▶ **Instructions for the task**: Reproduce the records without their pictures, keeping every word as it is.

▶ **Data records**:

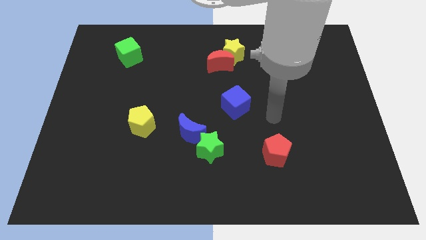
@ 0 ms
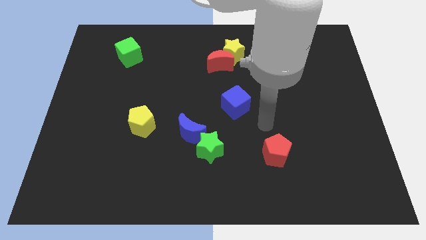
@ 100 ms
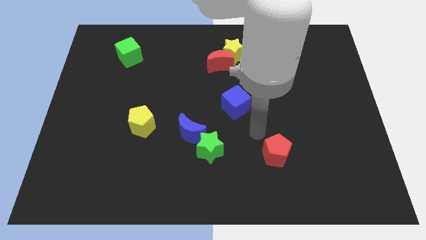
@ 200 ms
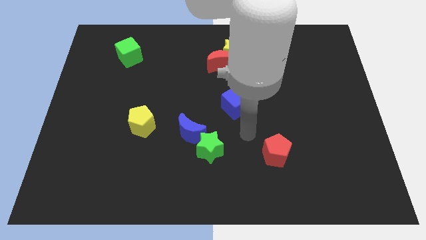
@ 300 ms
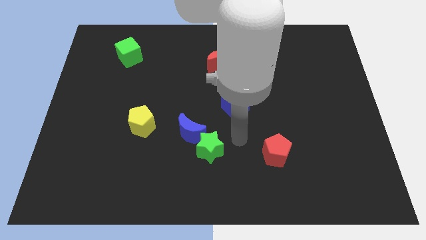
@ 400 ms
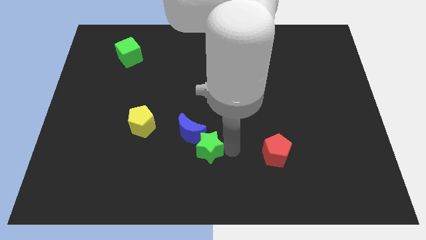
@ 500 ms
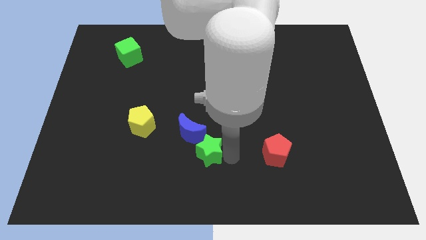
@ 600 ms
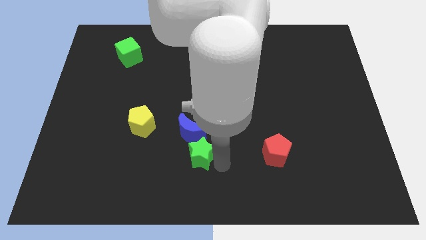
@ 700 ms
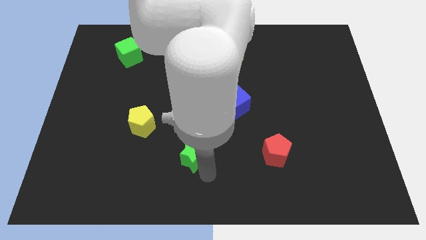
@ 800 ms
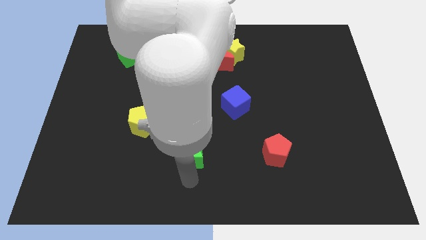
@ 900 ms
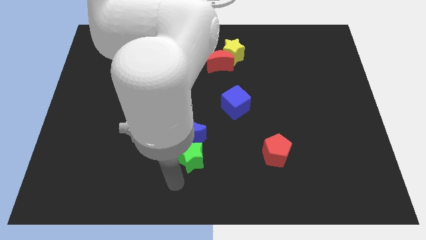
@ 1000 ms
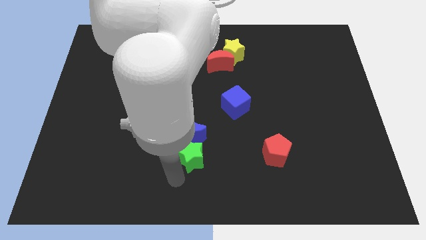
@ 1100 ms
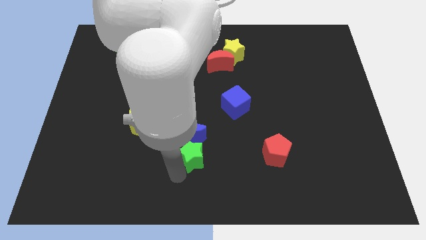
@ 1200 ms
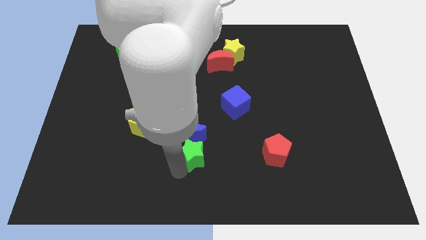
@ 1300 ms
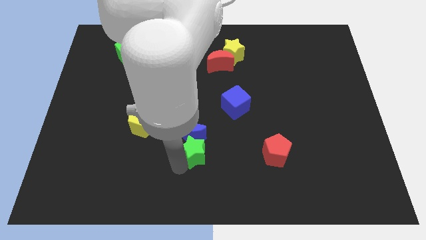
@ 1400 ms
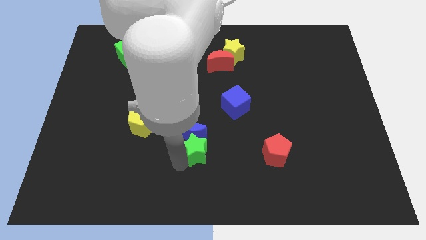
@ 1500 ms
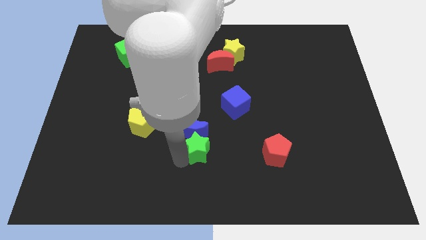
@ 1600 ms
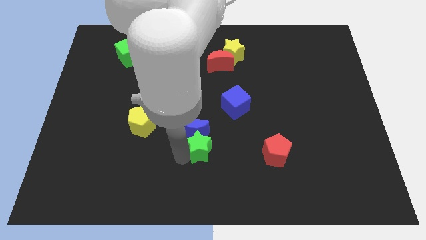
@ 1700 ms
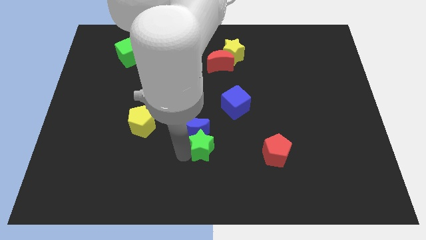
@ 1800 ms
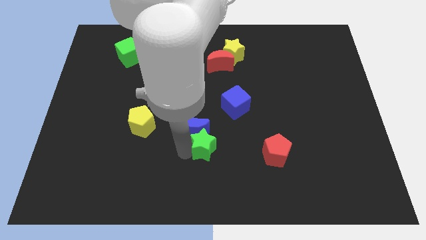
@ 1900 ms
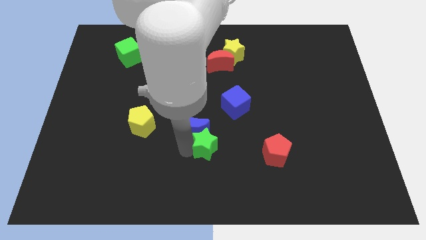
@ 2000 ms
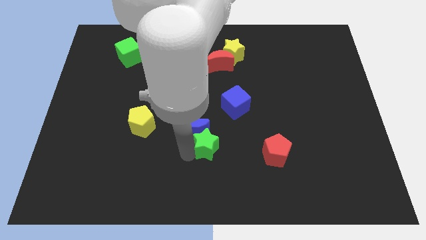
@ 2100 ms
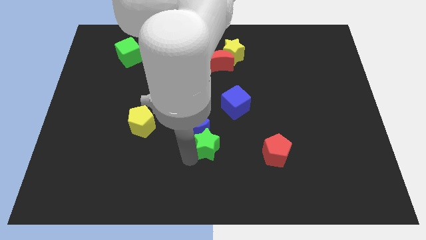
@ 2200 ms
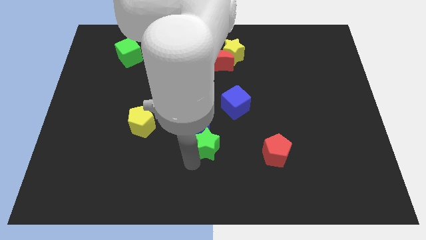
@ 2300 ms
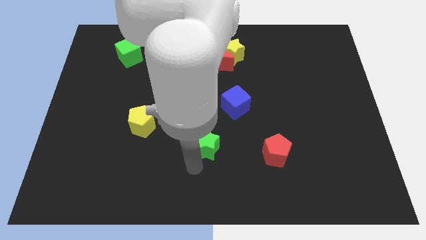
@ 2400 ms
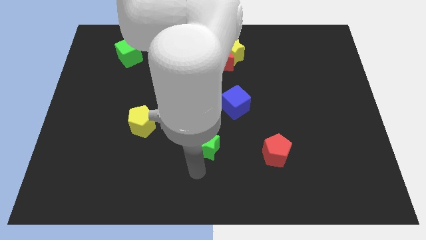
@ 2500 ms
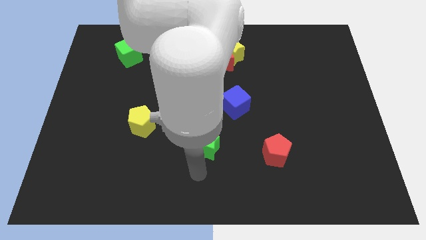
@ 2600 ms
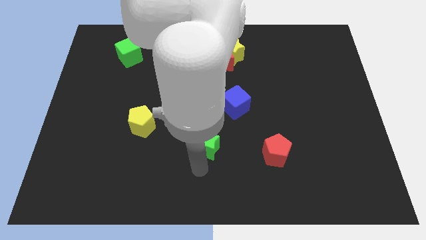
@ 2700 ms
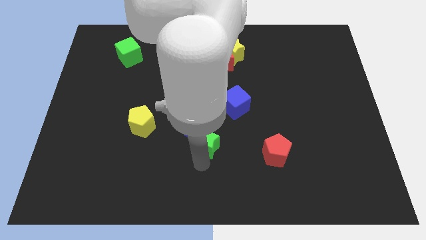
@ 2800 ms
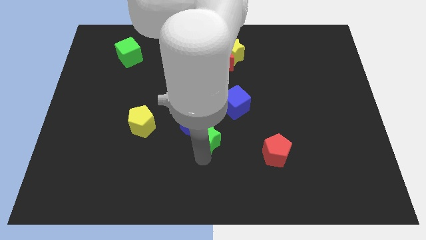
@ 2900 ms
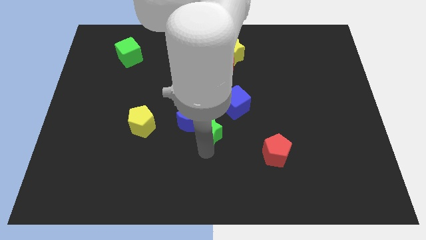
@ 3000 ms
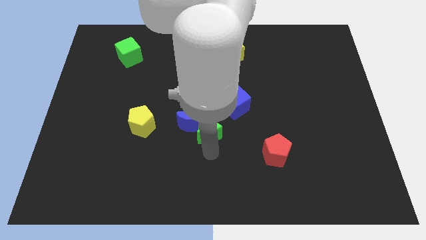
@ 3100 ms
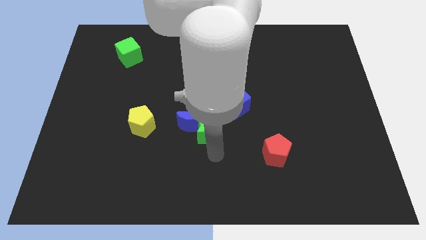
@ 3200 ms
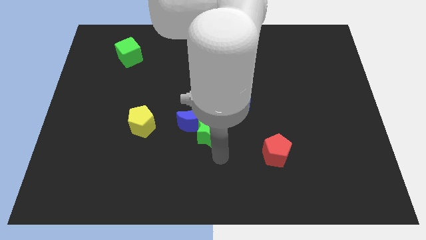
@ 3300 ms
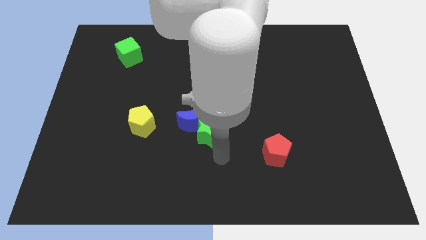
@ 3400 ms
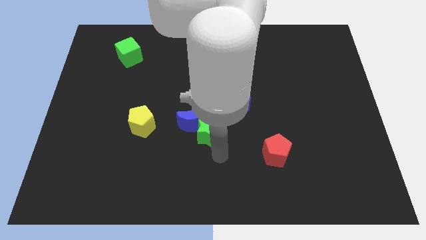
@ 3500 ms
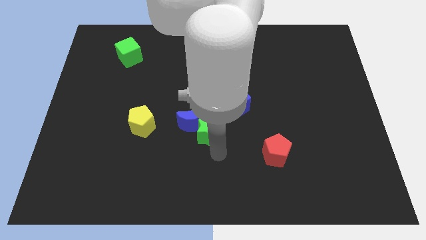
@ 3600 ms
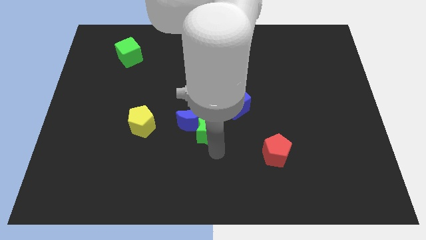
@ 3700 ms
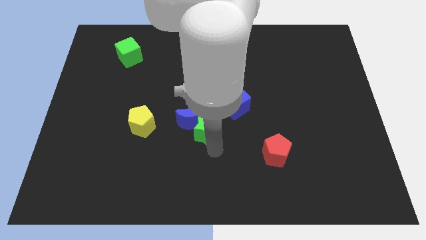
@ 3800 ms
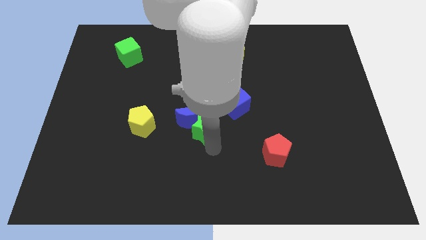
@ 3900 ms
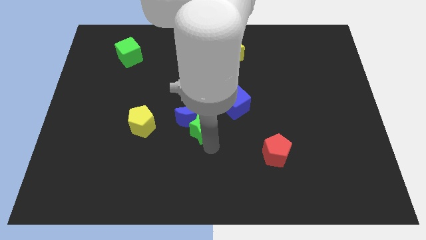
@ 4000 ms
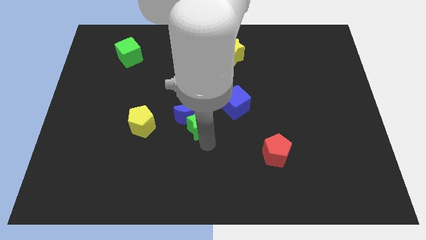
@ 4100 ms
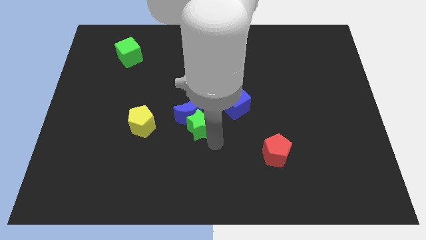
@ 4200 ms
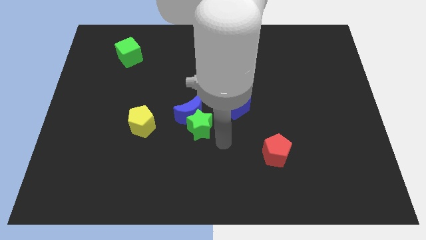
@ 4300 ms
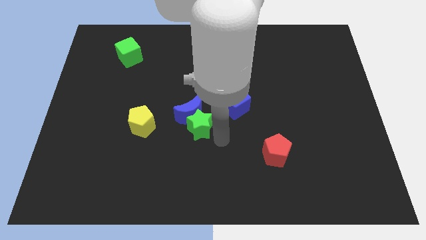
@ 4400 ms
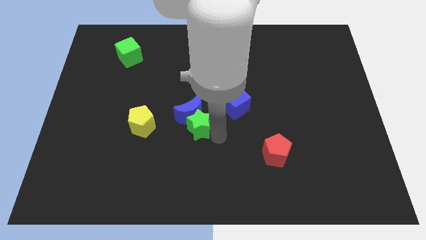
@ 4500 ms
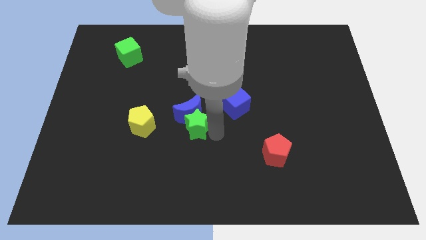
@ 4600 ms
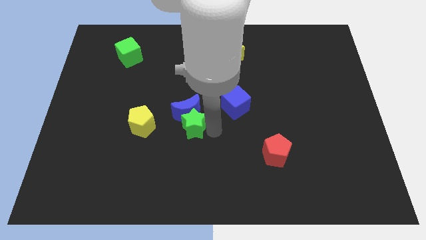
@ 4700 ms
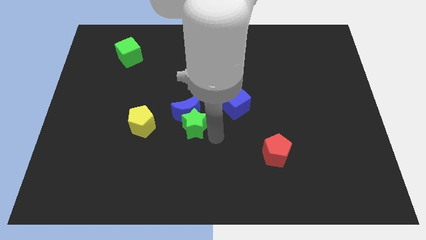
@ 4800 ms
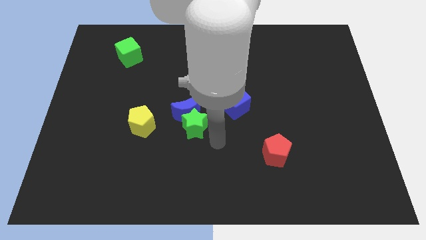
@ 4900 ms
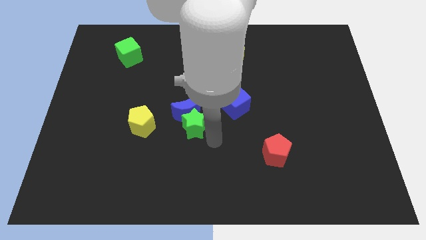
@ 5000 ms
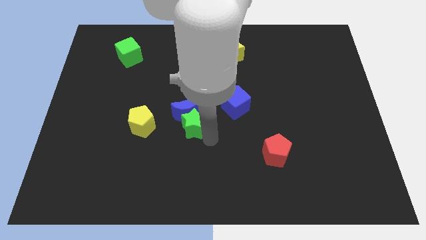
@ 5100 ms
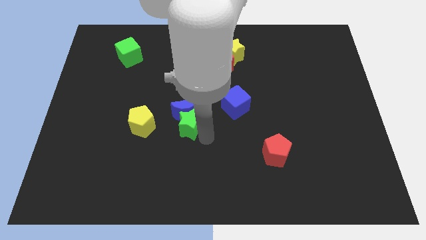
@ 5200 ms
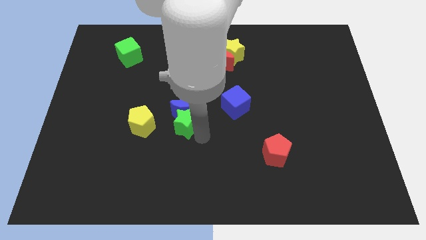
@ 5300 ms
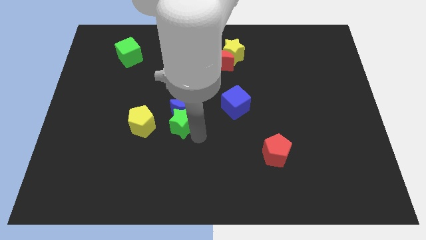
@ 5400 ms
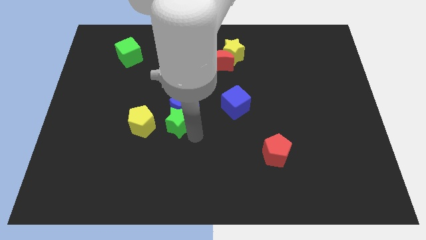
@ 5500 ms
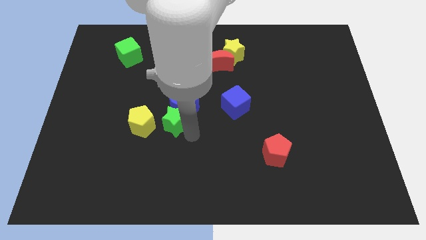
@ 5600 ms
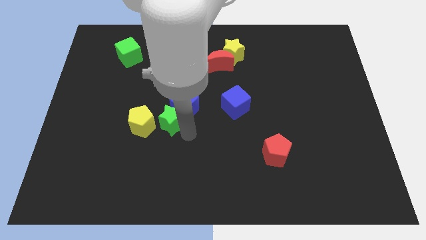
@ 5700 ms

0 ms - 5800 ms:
push the green star diagonally up and to the right of the yellow pentagon

▶ **Answer to this problem**:
@ 0 ms
@ 100 ms
@ 200 ms
@ 300 ms
@ 400 ms
@ 500 ms
@ 600 ms
@ 700 ms
@ 800 ms
@ 900 ms
@ 1000 ms
@ 1100 ms
@ 1200 ms
@ 1300 ms
@ 1400 ms
@ 1500 ms
@ 1600 ms
@ 1700 ms
@ 1800 ms
@ 1900 ms
@ 2000 ms
@ 2100 ms
@ 2200 ms
@ 2300 ms
@ 2400 ms
@ 2500 ms
@ 2600 ms
@ 2700 ms
@ 2800 ms
@ 2900 ms
@ 3000 ms
@ 3100 ms
@ 3200 ms
@ 3300 ms
@ 3400 ms
@ 3500 ms
@ 3600 ms
@ 3700 ms
@ 3800 ms
@ 3900 ms
@ 4000 ms
@ 4100 ms
@ 4200 ms
@ 4300 ms
@ 4400 ms
@ 4500 ms
@ 4600 ms
@ 4700 ms
@ 4800 ms
@ 4900 ms
@ 5000 ms
@ 5100 ms
@ 5200 ms
@ 5300 ms
@ 5400 ms
@ 5500 ms
@ 5600 ms
@ 5700 ms

0 ms - 5800 ms:
push the green star diagonally up and to the right of the yellow pentagon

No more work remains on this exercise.